ShopIdentifying Leukocyte Populations: WOLF Back Scatter vs Traditional Side Scatter
Introduction
Flow cytometers collect light scatter to measure cellular features, like size and complexity. Traditional cytometers measure small angle scatter, known as forward scatter, to indicate cell size and 90° large angle scatter, known as side scatter, to indicate complexity; this is all measured via a cuvette flow cell. However, the WOLF utilizes a microfluidic flow cell within a disposable cartridge, so it measures some of the light scatter differently.
Forward scatter is collected like a traditional cytometer, but large angle scatter is collected at 180° as back scatter, instead of at 90° as side scatter. Since measuring complexity is critical for flow sorting and analysis, WOLF back scatter was compared to traditional side scatter to confirm equivalent
performance.
How Light Scatter Works
Forward scattered light (FSC): Light is scattered by a cell at a very small angle and continues in the same forward direction of its original path (Figure 1). A detector collects this scattered light and translates it into events on a scatter plot. Higher intensity on the plot indicates larger cell size and lower intensity indicates smaller cell size.
Side scattered light (SSC): Light is scattered by a cell at a large angle and travels in a different direction than its original path (Figure 1). A detector measures this at 90° from the original path
and represents the difference in cell complexity level (difference in cell membrane, nuclei, secretory granules, etc.) as different event intensities. Higher side scatter indicates greater cell
complexity and lower side scatter indicates less cell complexity.
Why the WOLF Uses Back Scatter
Back scattered light (BSC): Light is scattered by a cell at a large angle and collected at 180° from its original path (Figure 2, next page). Like side scatter, back scatter intensity indicates degree of cell complexity.
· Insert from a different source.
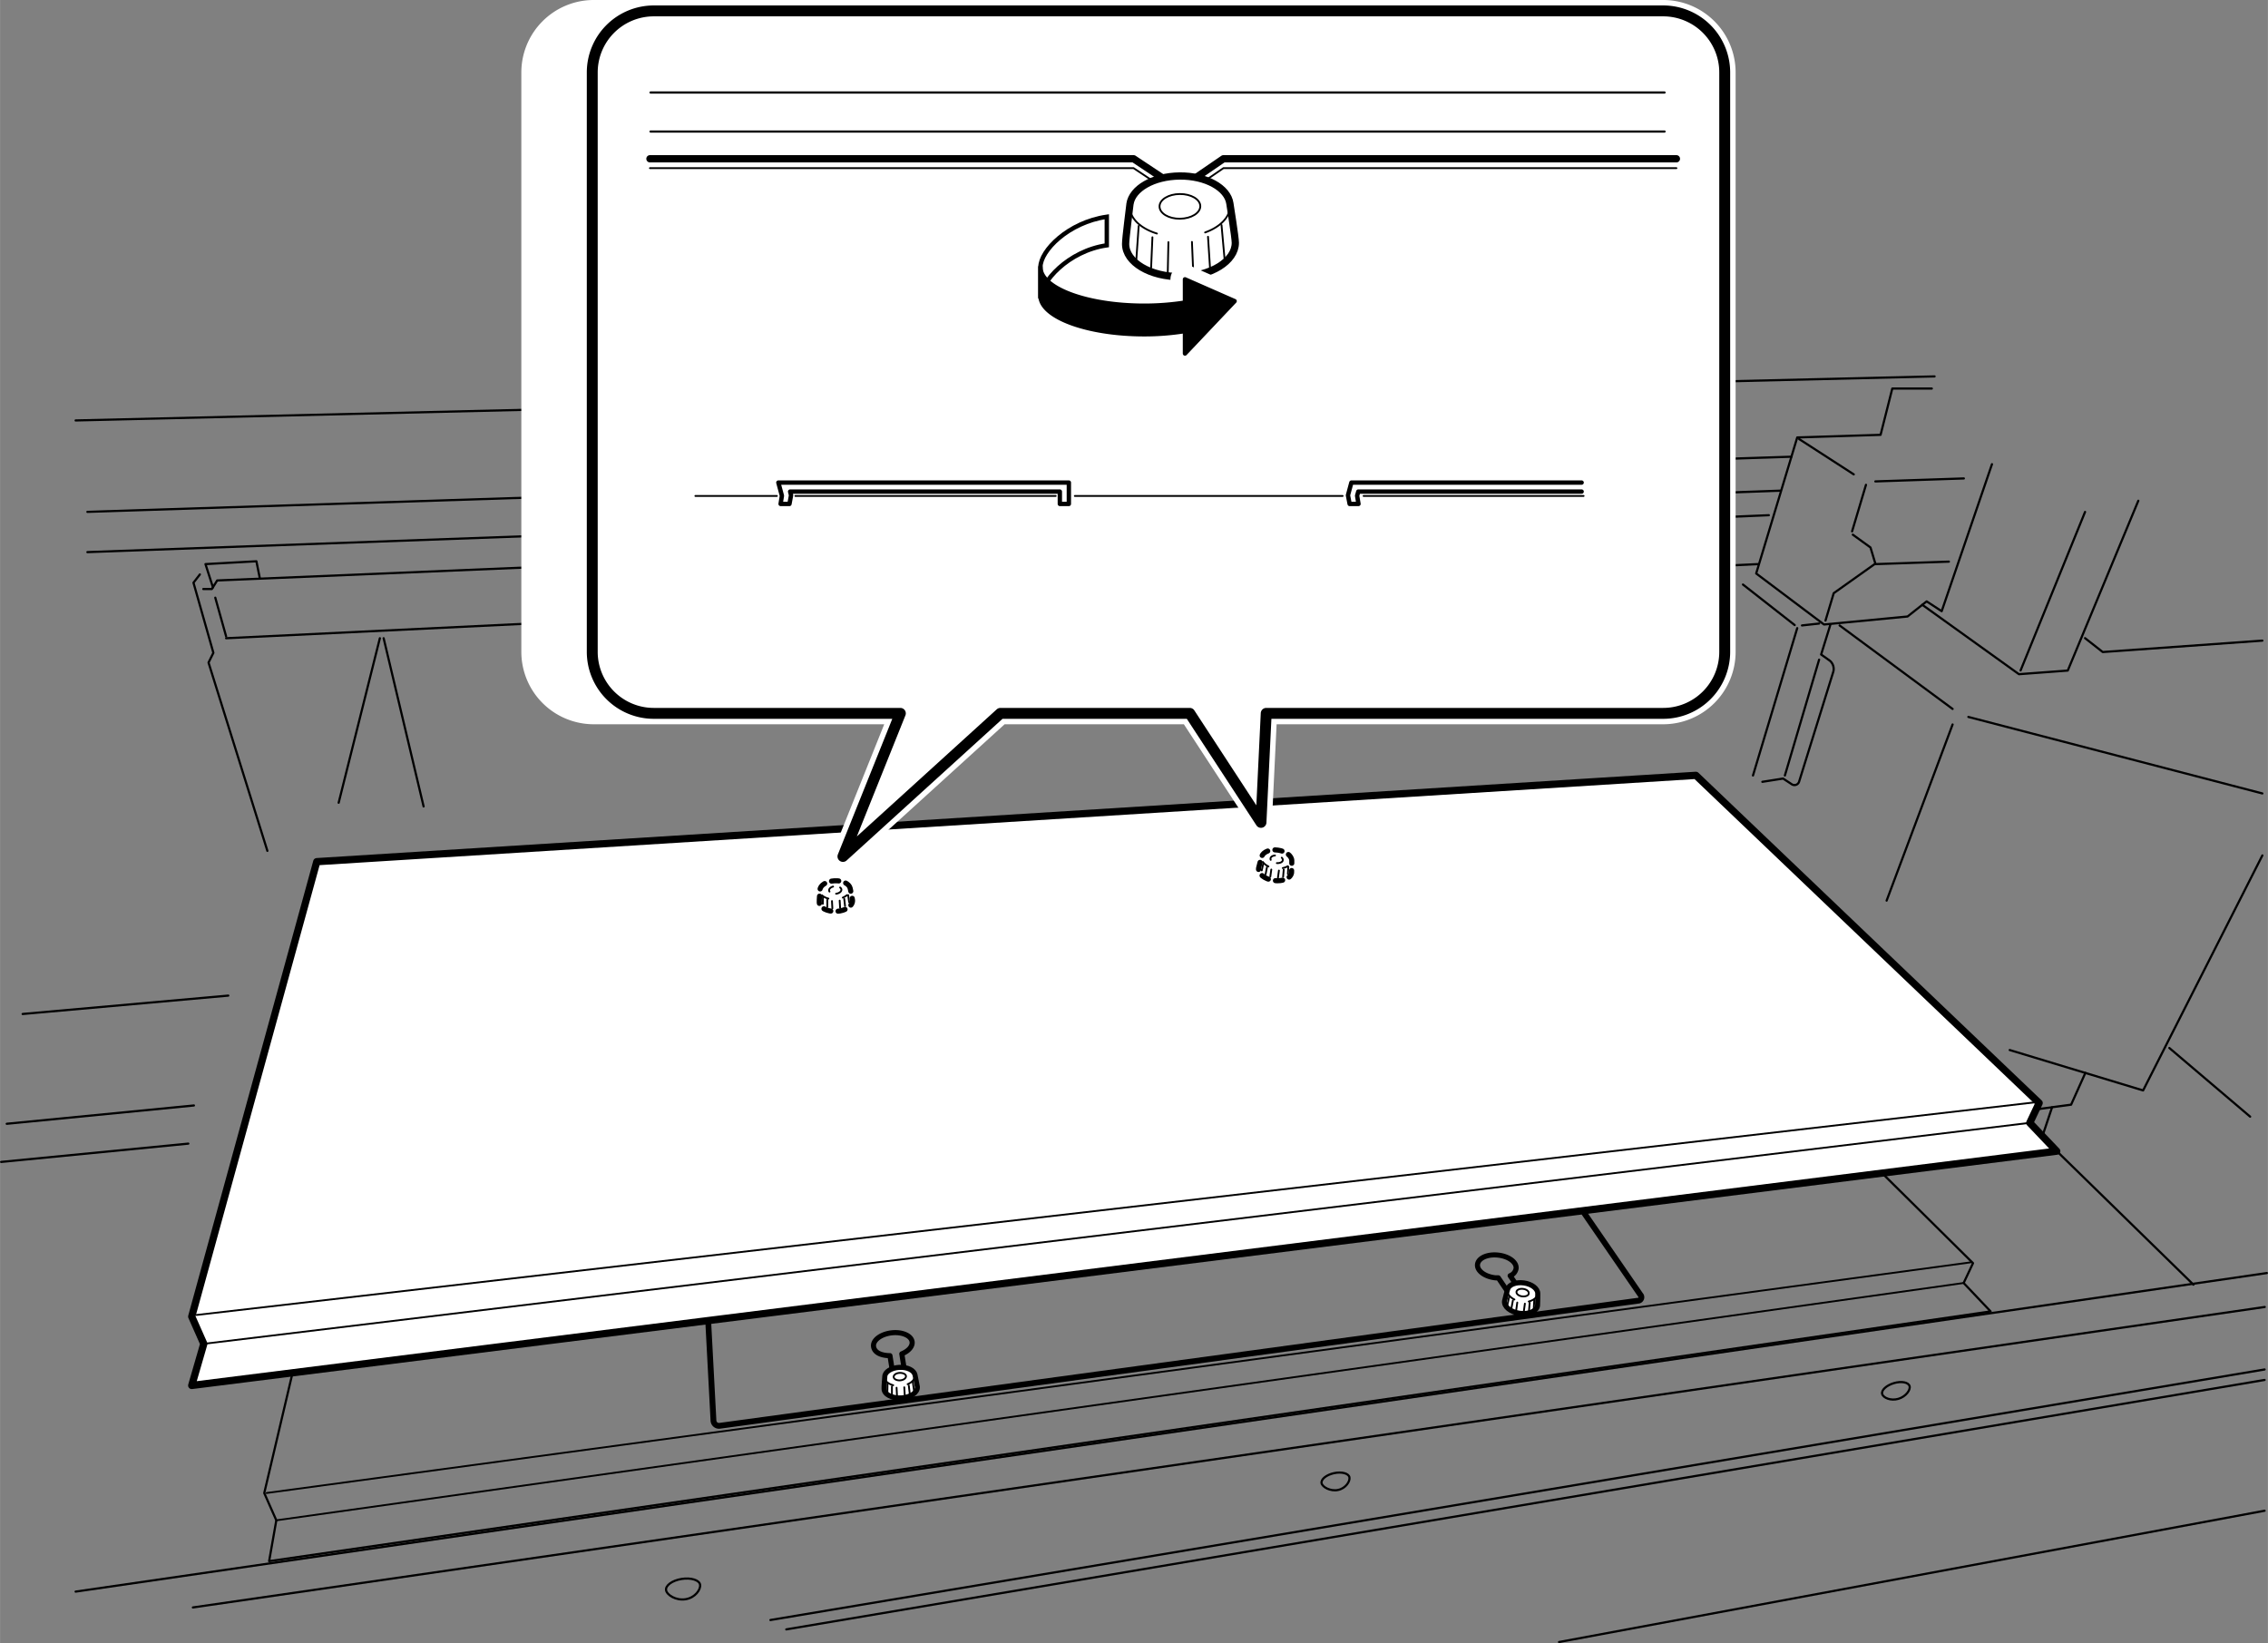 <svg xmlns="http://www.w3.org/2000/svg" width="110.11mm" height="79.77mm" viewBox="0 0 312.11 226.12"><rect x="0" y="0" width="312.11" height="226.12" fill="#808080" stroke="none"/><defs><style>.cls-1,.cls-10,.cls-11,.cls-12,.cls-14,.cls-2,.cls-4,.cls-5,.cls-8{fill:none;}.cls-1,.cls-10,.cls-11,.cls-12,.cls-14,.cls-15,.cls-2,.cls-3,.cls-4,.cls-5,.cls-6,.cls-7,.cls-8{stroke:#000;}.cls-1,.cls-10,.cls-11,.cls-12,.cls-13,.cls-15,.cls-2,.cls-3,.cls-4,.cls-5,.cls-6,.cls-7,.cls-8,.cls-9{stroke-linecap:round;stroke-linejoin:round;}.cls-1{stroke-width:0.3px;}.cls-2,.cls-8{stroke-width:0.25px;}.cls-13,.cls-3,.cls-6,.cls-7,.cls-9{fill:#fff;}.cls-4{stroke-width:0.8px;}.cls-5,.cls-6,.cls-7{stroke-width:0.7px;}.cls-7,.cls-8{stroke-dasharray:1;}.cls-13,.cls-9{stroke:#fff;}.cls-9{stroke-width:3px;}.cls-10{stroke-width:1.5px;}.cls-12,.cls-14,.cls-15{stroke-width:0.6px;}.cls-13{stroke-width:4px;}</style></defs><title>LEF2-300-200_SpacerTable_remove4</title><g id="レイヤー_2" data-name="レイヤー 2"><line class="cls-1" x1="10.4" y1="219.03" x2="311.96" y2="175.19"/><line class="cls-1" x1="26.54" y1="221.21" x2="311.67" y2="179.86"/><line class="cls-1" x1="106.02" y1="222.94" x2="311.65" y2="188.46"/><line class="cls-1" x1="108.2" y1="224.23" x2="311.65" y2="189.9"/><line class="cls-1" x1="214.55" y1="225.97" x2="311.65" y2="207.9"/><polyline class="cls-1" points="276.57 144.5 294.93 150.06 311.34 117.72"/><polyline class="cls-1" points="260.66 155.29 285.02 152.02 286.98 147.65"/><line class="cls-1" x1="270.88" y1="98.66" x2="311.34" y2="109.19"/><line class="cls-1" x1="253.16" y1="86.07" x2="268.71" y2="97.56"/><line class="cls-1" x1="268.71" y1="99.7" x2="259.63" y2="123.94"/><line class="cls-1" x1="247.33" y1="86.44" x2="241.24" y2="106.72"/><path class="cls-1" d="M251.88,86l-1.26,4.07,1.22.87a1.49,1.49,0,0,1,.46,1.48l-4.7,15.1a.67.67,0,0,1-1.06.38l-1.16-.76-2.85.45"/><line class="cls-1" x1="250.34" y1="90.78" x2="245.63" y2="106.72"/><line class="cls-1" x1="239.86" y1="80.44" x2="246.98" y2="86.02"/><line class="cls-1" x1="247.98" y1="86.07" x2="250.34" y2="85.81"/><polyline class="cls-1" points="274.13 63.88 267.21 84.11 265.14 82.76 262.51 84.84 251.01 85.94 241.68 78.92 247.33 60.2 258.8 59.84 260.41 53.47 265.85 53.47"/><polyline class="cls-1" points="251.22 85.4 252.35 81.63 258.08 77.56 257.41 75.34 254.98 73.58"/><line class="cls-1" x1="256.79" y1="66.72" x2="254.88" y2="73.12"/><polyline class="cls-1" points="264.54 83.23 277.84 92.78 284.56 92.28 294.27 68.91"/><line class="cls-1" x1="278.07" y1="92.26" x2="286.94" y2="70.45"/><polyline class="cls-1" points="286.94 87.82 289.37 89.73 311.34 88.16"/><line class="cls-1" x1="247.59" y1="60.42" x2="255.11" y2="65.28"/><line class="cls-1" x1="270.26" y1="65.84" x2="258.08" y2="66.25"/><line class="cls-1" x1="229.09" y1="99.4" x2="235.99" y2="78.74"/><line class="cls-1" x1="241.9" y1="77.63" x2="31.11" y2="87.83"/><line class="cls-1" x1="246.53" y1="62.85" x2="12.02" y2="70.44"/><line class="cls-1" x1="245.02" y1="67.52" x2="12.02" y2="75.98"/><polyline class="cls-1" points="35.76 79.63 35.28 77.24 28.27 77.63 29.3 80.83"/><polyline class="cls-1" points="27.5 79.05 26.62 80.19 29.36 89.84 28.69 91.18 36.79 117.09"/><line class="cls-1" x1="46.6" y1="110.47" x2="52.27" y2="87.83"/><line class="cls-1" x1="52.79" y1="87.83" x2="58.29" y2="110.98"/><polyline class="cls-1" points="243.42 70.9 29.88 79.88 29.15 81.06 27.97 81.06"/><line class="cls-1" x1="29.62" y1="82.25" x2="31.11" y2="87.57"/><line class="cls-1" x1="31.41" y1="137.01" x2="3.11" y2="139.54"/><line class="cls-1" x1="25.91" y1="157.38" x2="0.15" y2="159.9"/><line class="cls-1" x1="26.68" y1="152.13" x2="0.92" y2="154.65"/><line class="cls-1" x1="10.4" y1="57.86" x2="266.23" y2="51.8"/><polyline class="cls-1" points="282.4 152.38 281.04 156.45 301.86 176.79"/><line class="cls-1" x1="298.54" y1="144.22" x2="309.66" y2="153.67"/><line class="cls-1" x1="268.2" y1="77.29" x2="258.12" y2="77.63"/><line class="cls-1" x1="199.89" y1="80.94" x2="215.57" y2="97.21"/><line class="cls-1" x1="196.61" y1="96.97" x2="200.18" y2="80.94"/><path class="cls-1" d="M185.7,203.29c.12.54-.49,1.52-1.55,1.75s-2.17-.4-2.28-.93.65-1.15,1.71-1.38S185.59,202.76,185.7,203.29Z"/><path class="cls-1" d="M262.79,190.75c.15.52-.5,1.44-1.54,1.75s-2.08-.14-2.23-.66.57-1.19,1.61-1.5S262.63,190.22,262.79,190.75Z"/><path class="cls-1" d="M96.34,218.08c.11.65-.67,1.79-2,2s-2.57-.59-2.68-1.24.84-1.34,2.12-1.55S96.24,217.43,96.34,218.08Z"/><polygon class="cls-1" points="51.09 142.88 225.97 128.75 271.52 173.83 270.23 176.56 273.94 180.47 37.03 214.84 38.02 209.22 36.36 205.47 51.09 142.88"/><line class="cls-2" x1="38.02" y1="209.22" x2="270.23" y2="176.56"/><line class="cls-2" x1="36.68" y1="205.46" x2="271.18" y2="173.72"/><polygon class="cls-3" points="43.59 118.58 233.38 106.7 280.62 151.79 279.33 154.52 283.04 158.42 26.38 190.66 28.04 184.93 26.38 181.18 43.59 118.58"/><line class="cls-2" x1="28.04" y1="184.93" x2="279.33" y2="154.52"/><line class="cls-2" x1="27.05" y1="180.96" x2="280.28" y2="151.67"/><path class="cls-4" d="M218.05,167l7.7,11.19a.48.48,0,0,1-.36.81L99.05,196.21a.76.76,0,0,1-.87-.73l-.7-13.22"/><path class="cls-5" d="M209.75,178.4l-1.93-2.84a1.3,1.3,0,0,0,.82-1c.09-.86-1-1.68-2.49-1.84s-2.73.43-2.82,1.29,1,1.69,2.49,1.84h.37l1.94,2.86a1.22,1.22,0,0,0,1.18.39C209.76,179,210,178.71,209.75,178.4Z"/><path class="cls-5" d="M125.52,184.67c-.1-.86-1.37-1.42-2.83-1.25s-2.58,1-2.48,1.86,1.05,1.27,2.26,1.28l.54,3.38a.8.8,0,0,0,.92.54c.45,0,.78-.34.73-.68l-.56-3.49v0C125,185.94,125.59,185.31,125.52,184.67Z"/><path class="cls-6" d="M211.62,178c0-.66-.82-1.3-1.91-1.45s-2.05.23-2.23.86c0,0-.4,1.41-.43,1.63-.11.76.82,1.52,2.08,1.69s2.36-.3,2.46-1.06C211.62,179.47,211.62,178.06,211.62,178Z"/><path class="cls-2" d="M208.41,178.83c-.63-.3-1-.79-1-1.27.1-.7,1.11-1.14,2.26-1s2,.86,1.91,1.55c-.07.47-.55.82-1.2,1"/><path class="cls-2" d="M210.38,178c0,.29-.45.46-.92.4s-.81-.35-.77-.63.45-.46.91-.4S210.42,177.68,210.38,178Z"/><line class="cls-2" x1="211.14" y1="178.88" x2="211.06" y2="180.28"/><line class="cls-2" x1="210.51" y1="179.28" x2="210.4" y2="180.55"/><line class="cls-2" x1="207.7" y1="178.4" x2="207.4" y2="179.77"/><line class="cls-2" x1="208.2" y1="178.96" x2="207.96" y2="180.22"/><line class="cls-2" x1="209.85" y1="179.4" x2="209.67" y2="180.69"/><line class="cls-2" x1="208.8" y1="179.25" x2="208.62" y2="180.55"/><path class="cls-6" d="M125.92,189.22c-.13-.65-1.06-1.11-2.16-1.05s-2,.62-2,1.27c0,0-.12,1.46-.1,1.68,0,.77,1.1,1.33,2.37,1.26s2.25-.75,2.21-1.52C126.2,190.64,125.92,189.26,125.92,189.22Z"/><path class="cls-2" d="M122.92,190.63c-.68-.18-1.16-.58-1.19-1.07,0-.7.87-1.33,2-1.39s2.13.45,2.17,1.15c0,.48-.38.91-1,1.17"/><path class="cls-2" d="M124.68,189.39c0,.29-.35.54-.82.57s-.87-.18-.88-.47.35-.54.82-.56S124.67,189.11,124.68,189.39Z"/><line class="cls-2" x1="125.61" y1="190.15" x2="125.8" y2="191.53"/><line class="cls-2" x1="125.06" y1="190.66" x2="125.21" y2="191.93"/><line class="cls-2" x1="122.14" y1="190.34" x2="122.11" y2="191.74"/><line class="cls-2" x1="122.74" y1="190.79" x2="122.74" y2="192.07"/><line class="cls-2" x1="124.44" y1="190.91" x2="124.52" y2="192.21"/><line class="cls-2" x1="123.38" y1="190.97" x2="123.45" y2="192.27"/></g><g id="rearbolt"><path class="cls-7" d="M177.77,118.44c0-.66-.82-1.3-1.91-1.45s-2,.23-2.23.86c0,0-.4,1.4-.43,1.62-.11.76.82,1.52,2.08,1.7s2.36-.31,2.46-1.07C177.77,119.88,177.77,118.47,177.77,118.44Z"/><path class="cls-8" d="M174.56,119.24c-.63-.3-1-.79-1-1.28.1-.69,1.11-1.13,2.26-1s2,.85,1.91,1.55c-.07.47-.55.82-1.2.95"/><path class="cls-8" d="M176.53,118.37c0,.28-.45.46-.92.4s-.81-.35-.77-.64.45-.46.92-.39S176.57,118.09,176.53,118.37Z"/><line class="cls-8" x1="177.29" y1="119.28" x2="177.21" y2="120.68"/><line class="cls-8" x1="176.66" y1="119.68" x2="176.55" y2="120.96"/><line class="cls-8" x1="173.85" y1="118.81" x2="173.55" y2="120.17"/><line class="cls-8" x1="174.35" y1="119.36" x2="174.11" y2="120.62"/><line class="cls-8" x1="176" y1="119.8" x2="175.82" y2="121.1"/><line class="cls-8" x1="174.95" y1="119.66" x2="174.77" y2="120.95"/><path class="cls-7" d="M117,122.26c-.13-.65-1.06-1.11-2.16-1.05s-2,.62-2,1.27c0,0-.12,1.45-.1,1.68,0,.76,1.1,1.33,2.37,1.26s2.25-.75,2.21-1.52C117.31,123.68,117,122.29,117,122.26Z"/><path class="cls-8" d="M114,123.66c-.68-.17-1.16-.57-1.19-1.06,0-.7.87-1.33,2-1.39s2.13.45,2.17,1.15c0,.48-.38.91-1,1.17"/><path class="cls-8" d="M115.79,122.43c0,.29-.35.54-.82.57s-.87-.19-.88-.47.35-.54.82-.57S115.78,122.15,115.79,122.43Z"/><line class="cls-8" x1="116.72" y1="123.18" x2="116.91" y2="124.57"/><line class="cls-8" x1="116.18" y1="123.7" x2="116.32" y2="124.97"/><line class="cls-8" x1="113.25" y1="123.38" x2="113.22" y2="124.78"/><line class="cls-8" x1="113.85" y1="123.83" x2="113.85" y2="125.11"/><line class="cls-8" x1="115.55" y1="123.94" x2="115.63" y2="125.25"/><line class="cls-8" x1="114.49" y1="124" x2="114.56" y2="125.31"/></g><g id="レイヤー_6" data-name="レイヤー 6"><path class="cls-9" d="M228.9,98.17H174.25l-.72,15-9.8-15H137.67L116,117.86l7.9-19.69H81.69a8.47,8.47,0,0,1-8.45-8.45V10A8.47,8.47,0,0,1,81.69,1.5H228.9A8.47,8.47,0,0,1,237.35,10V89.72A8.47,8.47,0,0,1,228.9,98.17Z"/><path class="cls-10" d="M228.9,98.17H174.25l-.72,15-9.8-15H137.67L116,117.86l7.9-19.69H89.94a8.47,8.47,0,0,1-8.44-8.45V10A8.47,8.47,0,0,1,89.94,1.5h139A8.47,8.47,0,0,1,237.35,10V89.72A8.47,8.47,0,0,1,228.9,98.17Z"/><path class="cls-11" d="M89.44,21.85H156l4.12,2.74v4a2.09,2.09,0,0,0,2,1.78,2.21,2.21,0,0,0,2.24-1.78v-4l4-2.74h62.34"/><path class="cls-2" d="M89.44,23.14H156l4.12,2.74v3.75a2.09,2.09,0,0,0,2,1.78,2.21,2.21,0,0,0,2.24-1.78V25.88l4-2.74h62.34"/><line class="cls-2" x1="187.65" y1="68.25" x2="217.93" y2="68.25"/><line class="cls-2" x1="147.91" y1="68.25" x2="184.77" y2="68.25"/><line class="cls-2" x1="109.45" y1="68.25" x2="145.28" y2="68.25"/><line class="cls-2" x1="95.69" y1="68.25" x2="106.91" y2="68.25"/><polygon class="cls-12" points="107.11 66.41 147.09 66.41 147.09 69.35 145.85 69.35 145.85 67.65 108.73 67.65 108.86 68.16 108.64 69.35 107.42 69.35 107.6 68.22 107.11 66.41"/><polyline class="cls-12" points="217.66 67.65 186.92 67.65 186.76 68.22 186.95 69.35 185.73 69.35 185.5 68.16 185.97 66.41 217.66 66.41"/><line class="cls-1" x1="89.52" y1="18.1" x2="229.07" y2="18.1"/><line class="cls-1" x1="89.52" y1="12.73" x2="229.07" y2="12.73"/><path class="cls-3" d="M169.25,28c-.31-2.15-3.3-3.82-6.92-3.78s-6.52,1.73-6.83,3.86c0,.13-.61,4.76-.6,5.49,0,2.53,3.41,4.54,7.57,4.5S170,35.94,170,33.41C170,32.68,169.26,28.1,169.25,28Z"/><path class="cls-2" d="M159.21,32.14c-2.21-.68-3.72-2.06-3.74-3.67,0-2.31,3.05-4.22,6.86-4.26s6.92,1.8,6.95,4.12c0,1.55-1.37,2.92-3.44,3.66"/><path class="cls-2" d="M165.18,28.37c0,.94-1.24,1.71-2.79,1.73s-2.81-.73-2.82-1.68,1.24-1.71,2.79-1.72S165.17,27.43,165.18,28.37Z"/><line class="cls-2" x1="168.1" y1="30.97" x2="168.51" y2="35.55"/><line class="cls-2" x1="166.24" y1="32.58" x2="166.51" y2="36.77"/><line class="cls-2" x1="156.7" y1="31.09" x2="156.38" y2="35.67"/><line class="cls-2" x1="158.59" y1="32.65" x2="158.41" y2="36.85"/><line class="cls-2" x1="164.03" y1="33.29" x2="164.21" y2="37.57"/><line class="cls-2" x1="160.79" y1="33.32" x2="160.7" y2="37.61"/></g><g id="矢印"><path class="cls-13" d="M152.31,29.83v3.93c-5.34.77-9.13,4.66-9.13,6.93V36.76C143.18,34.5,147,30.6,152.31,29.83Z"/><path class="cls-13" d="M157.46,42.07a36.32,36.32,0,0,0,5.61-.43v-3.2l6.83,3-6.83,7.21V45.56a35.08,35.08,0,0,1-5.61.44c-7.88,0-14.28-2.38-14.28-5.31V36.76C143.18,39.69,149.58,42.07,157.46,42.07Z"/><path class="cls-14" d="M152.31,29.83v3.93c-5.34.77-9.13,5.07-9.13,7.33V36.76C143.18,34.5,147,30.6,152.31,29.83Z"/><path class="cls-15" d="M157.46,42.07a36.32,36.32,0,0,0,5.61-.43v-3.2l6.83,3-6.83,7.21V45.56a35.08,35.08,0,0,1-5.61.44c-7.88,0-14.28-2.38-14.28-5.31V36.76C143.18,39.69,149.58,42.07,157.46,42.07Z"/></g></svg>

In a WOLF cartridge, detection at 90° from the laser path is unavailable so side scatter cannot be analyzed. However, detection at 180° is available so back scatter can be measured (Figure 2). This enables cell complexity measurement and may even offer an advantage over SSC for detecting differences in granularity.1
To confirm that populations appear similarly for back scatter and side scatter, a leukocyte immunophenotyping panel was tested. Leukocyte samples contain three distinct populations differing in size and complexity: lymphocytes, monocytes, and granulocytes. Blood samples from three donors were tested on two WOLF instruments – to eliminate donor, cartridge, and instrument variability – and compared to the ACEA NovoCyte traditional cytometer.
Method
Three whole blood samples were incubated with RBC Lysis Buffer (BioLegend #420301) for 15 min at room temperature (RT) in the dark. They were centrifuged at 350 x g for 5 min and the lysed red cell supernatant was aspirated. Cells were resuspended at 1×106 cells/mL in HBSS/2% FBS and incubated
for 10 min at RT with True Stain Fc and Monocyte Blockers (BioLegend #422301 and #426101). Antibodies to the following were incubated with cells for 20 min at RT: Monocytes (AF488 Anti-CD14, BioLegend #301817), Granulocytes (PE Anti-CD16, BioLegend #302007), and Lymphocytes (PE-Cy5 Anti-CD3, BioLegend #300410). Cells were washed once and 10,000 events were collected for each sample. Compensation was set with beads (BD #560497) and gates were set with FMOs prior to analysis.
Analysis
Debris and doublets were eliminated with Cells and Singlets gates. For each leukocyte population, negative markers eliminated off-target cells (Figure 3) before the final populationspecific marker was gated on and colored to highlight its location on the light scatter plots (Figure 4, next page).
Results
The three leukocyte populations appear on the light scatter plots as distinct clusters with similar relative positions on the WOLF and NovoCyte. The WOLF’s back scatter displays the same hierarchy of cell complexity as the NovoCyte’s side scatter: cells increase in granularity from lymphocytes to
monocytes to granulocytes. This is true across multiple donors, cartridges, instruments, and for both linear and log plots.
Conclusion
The WOLF’s microfluidic cartridges are disposable to ensure sterile sorting and provide simple fluidic maintenance. Due to this design, the WOLF collects back scatter, which accurately distinguishes cell complexity when compared to a traditional cuvette flow cell. Therefore, users can apply conventional granularity expectations to identify, sort, and analyze cells on the WOLF with the added expectation of superior sterility and ease.